◆ Problem requirements ◆
The word "Pleural" may appear in lines of the data; say how many such lines there are, with nothing beyond the number.

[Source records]
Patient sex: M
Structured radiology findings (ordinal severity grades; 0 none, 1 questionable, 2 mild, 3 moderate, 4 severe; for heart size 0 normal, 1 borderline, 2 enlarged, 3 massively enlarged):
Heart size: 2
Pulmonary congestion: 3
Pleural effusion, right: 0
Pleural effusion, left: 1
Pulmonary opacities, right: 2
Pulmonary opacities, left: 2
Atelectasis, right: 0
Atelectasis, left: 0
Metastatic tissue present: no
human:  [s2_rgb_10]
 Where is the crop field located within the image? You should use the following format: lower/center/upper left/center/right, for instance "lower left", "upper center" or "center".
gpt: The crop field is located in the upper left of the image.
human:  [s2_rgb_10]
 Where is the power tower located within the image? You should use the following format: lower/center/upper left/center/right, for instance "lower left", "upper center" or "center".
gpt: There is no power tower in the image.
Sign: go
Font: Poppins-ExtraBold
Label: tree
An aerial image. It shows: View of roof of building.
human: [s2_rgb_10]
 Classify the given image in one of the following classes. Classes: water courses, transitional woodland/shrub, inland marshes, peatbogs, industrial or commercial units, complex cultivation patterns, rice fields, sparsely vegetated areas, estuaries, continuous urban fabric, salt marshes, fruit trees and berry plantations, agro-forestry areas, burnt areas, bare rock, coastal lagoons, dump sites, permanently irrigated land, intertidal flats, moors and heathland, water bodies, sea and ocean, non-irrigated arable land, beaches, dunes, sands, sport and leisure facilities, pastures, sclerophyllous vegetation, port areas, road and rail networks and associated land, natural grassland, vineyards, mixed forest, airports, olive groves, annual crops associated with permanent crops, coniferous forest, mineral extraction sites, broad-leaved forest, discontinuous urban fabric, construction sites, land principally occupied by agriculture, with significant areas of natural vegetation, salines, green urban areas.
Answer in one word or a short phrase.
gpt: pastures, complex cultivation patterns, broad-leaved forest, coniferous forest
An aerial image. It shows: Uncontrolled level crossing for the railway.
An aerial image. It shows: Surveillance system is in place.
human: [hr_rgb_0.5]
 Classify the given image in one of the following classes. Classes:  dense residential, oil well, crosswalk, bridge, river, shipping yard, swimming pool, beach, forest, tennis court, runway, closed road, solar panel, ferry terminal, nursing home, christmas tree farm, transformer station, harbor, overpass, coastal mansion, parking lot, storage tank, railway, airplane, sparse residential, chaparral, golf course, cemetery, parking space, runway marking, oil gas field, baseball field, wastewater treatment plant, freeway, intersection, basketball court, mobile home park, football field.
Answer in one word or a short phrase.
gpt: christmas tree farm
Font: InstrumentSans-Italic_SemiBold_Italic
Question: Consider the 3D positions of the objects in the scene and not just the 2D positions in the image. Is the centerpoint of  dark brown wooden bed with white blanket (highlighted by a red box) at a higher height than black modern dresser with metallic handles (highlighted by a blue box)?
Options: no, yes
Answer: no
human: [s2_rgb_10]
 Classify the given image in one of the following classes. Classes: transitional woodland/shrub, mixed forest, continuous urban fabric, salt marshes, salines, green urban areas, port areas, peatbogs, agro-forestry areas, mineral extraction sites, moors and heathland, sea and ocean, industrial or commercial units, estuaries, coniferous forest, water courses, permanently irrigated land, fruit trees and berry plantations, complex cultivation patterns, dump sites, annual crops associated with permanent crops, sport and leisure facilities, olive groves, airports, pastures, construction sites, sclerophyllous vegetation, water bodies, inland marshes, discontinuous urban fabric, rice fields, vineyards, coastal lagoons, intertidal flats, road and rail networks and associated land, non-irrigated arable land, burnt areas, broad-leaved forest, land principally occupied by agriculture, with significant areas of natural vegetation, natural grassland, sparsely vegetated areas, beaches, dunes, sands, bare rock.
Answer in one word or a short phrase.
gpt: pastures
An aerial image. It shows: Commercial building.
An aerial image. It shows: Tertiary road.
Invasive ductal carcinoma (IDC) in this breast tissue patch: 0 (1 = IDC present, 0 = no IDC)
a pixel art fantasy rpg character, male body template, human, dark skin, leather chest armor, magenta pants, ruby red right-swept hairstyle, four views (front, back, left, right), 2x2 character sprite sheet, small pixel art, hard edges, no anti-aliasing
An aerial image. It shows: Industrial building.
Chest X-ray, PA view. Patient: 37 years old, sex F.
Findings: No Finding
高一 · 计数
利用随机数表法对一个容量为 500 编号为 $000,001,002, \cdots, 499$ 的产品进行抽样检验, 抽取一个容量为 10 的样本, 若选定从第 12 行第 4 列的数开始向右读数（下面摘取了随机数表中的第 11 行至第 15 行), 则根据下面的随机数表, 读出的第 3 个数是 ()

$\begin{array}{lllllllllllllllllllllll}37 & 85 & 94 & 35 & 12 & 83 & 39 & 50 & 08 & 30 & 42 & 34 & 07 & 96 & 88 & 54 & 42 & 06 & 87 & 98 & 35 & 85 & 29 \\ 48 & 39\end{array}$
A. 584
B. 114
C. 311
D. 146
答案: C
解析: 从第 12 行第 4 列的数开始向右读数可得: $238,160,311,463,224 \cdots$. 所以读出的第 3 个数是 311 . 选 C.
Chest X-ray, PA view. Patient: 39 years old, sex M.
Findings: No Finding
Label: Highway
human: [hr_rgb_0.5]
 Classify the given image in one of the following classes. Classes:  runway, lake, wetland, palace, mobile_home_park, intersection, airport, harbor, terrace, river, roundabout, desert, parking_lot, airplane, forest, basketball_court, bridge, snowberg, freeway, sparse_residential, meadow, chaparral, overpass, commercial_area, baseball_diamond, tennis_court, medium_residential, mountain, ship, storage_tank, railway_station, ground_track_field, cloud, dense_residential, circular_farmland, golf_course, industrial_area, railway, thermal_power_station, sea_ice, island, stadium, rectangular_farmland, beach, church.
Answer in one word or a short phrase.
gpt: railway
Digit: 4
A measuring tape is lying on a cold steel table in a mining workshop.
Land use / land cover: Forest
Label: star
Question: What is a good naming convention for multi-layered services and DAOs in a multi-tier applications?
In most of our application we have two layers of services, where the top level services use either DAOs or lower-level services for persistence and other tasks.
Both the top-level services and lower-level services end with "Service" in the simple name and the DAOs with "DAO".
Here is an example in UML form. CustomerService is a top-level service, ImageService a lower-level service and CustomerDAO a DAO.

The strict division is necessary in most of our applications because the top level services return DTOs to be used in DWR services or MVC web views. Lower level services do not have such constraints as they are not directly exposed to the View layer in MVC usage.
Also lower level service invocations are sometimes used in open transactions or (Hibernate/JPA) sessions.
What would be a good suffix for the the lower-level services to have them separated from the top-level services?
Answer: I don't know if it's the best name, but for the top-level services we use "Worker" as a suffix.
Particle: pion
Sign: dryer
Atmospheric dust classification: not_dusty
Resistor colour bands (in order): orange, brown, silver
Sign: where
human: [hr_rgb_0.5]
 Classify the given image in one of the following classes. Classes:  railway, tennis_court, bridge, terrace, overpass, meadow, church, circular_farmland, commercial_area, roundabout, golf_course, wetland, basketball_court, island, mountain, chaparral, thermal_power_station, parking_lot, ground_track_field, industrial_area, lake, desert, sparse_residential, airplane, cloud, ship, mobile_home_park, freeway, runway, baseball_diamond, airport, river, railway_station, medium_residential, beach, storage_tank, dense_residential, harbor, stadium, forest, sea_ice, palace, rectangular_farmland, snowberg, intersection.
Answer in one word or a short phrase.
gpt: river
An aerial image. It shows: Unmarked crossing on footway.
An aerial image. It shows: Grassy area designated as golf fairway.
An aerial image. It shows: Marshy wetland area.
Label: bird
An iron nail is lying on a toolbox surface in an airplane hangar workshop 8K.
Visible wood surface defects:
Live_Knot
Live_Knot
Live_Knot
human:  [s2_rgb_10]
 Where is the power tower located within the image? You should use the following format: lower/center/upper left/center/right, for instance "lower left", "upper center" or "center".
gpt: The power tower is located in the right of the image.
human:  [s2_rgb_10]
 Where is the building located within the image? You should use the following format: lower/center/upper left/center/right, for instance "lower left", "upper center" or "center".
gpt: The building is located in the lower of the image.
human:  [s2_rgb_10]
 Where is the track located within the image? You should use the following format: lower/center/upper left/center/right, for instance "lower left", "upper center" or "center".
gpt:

◆ Your solution ◆
2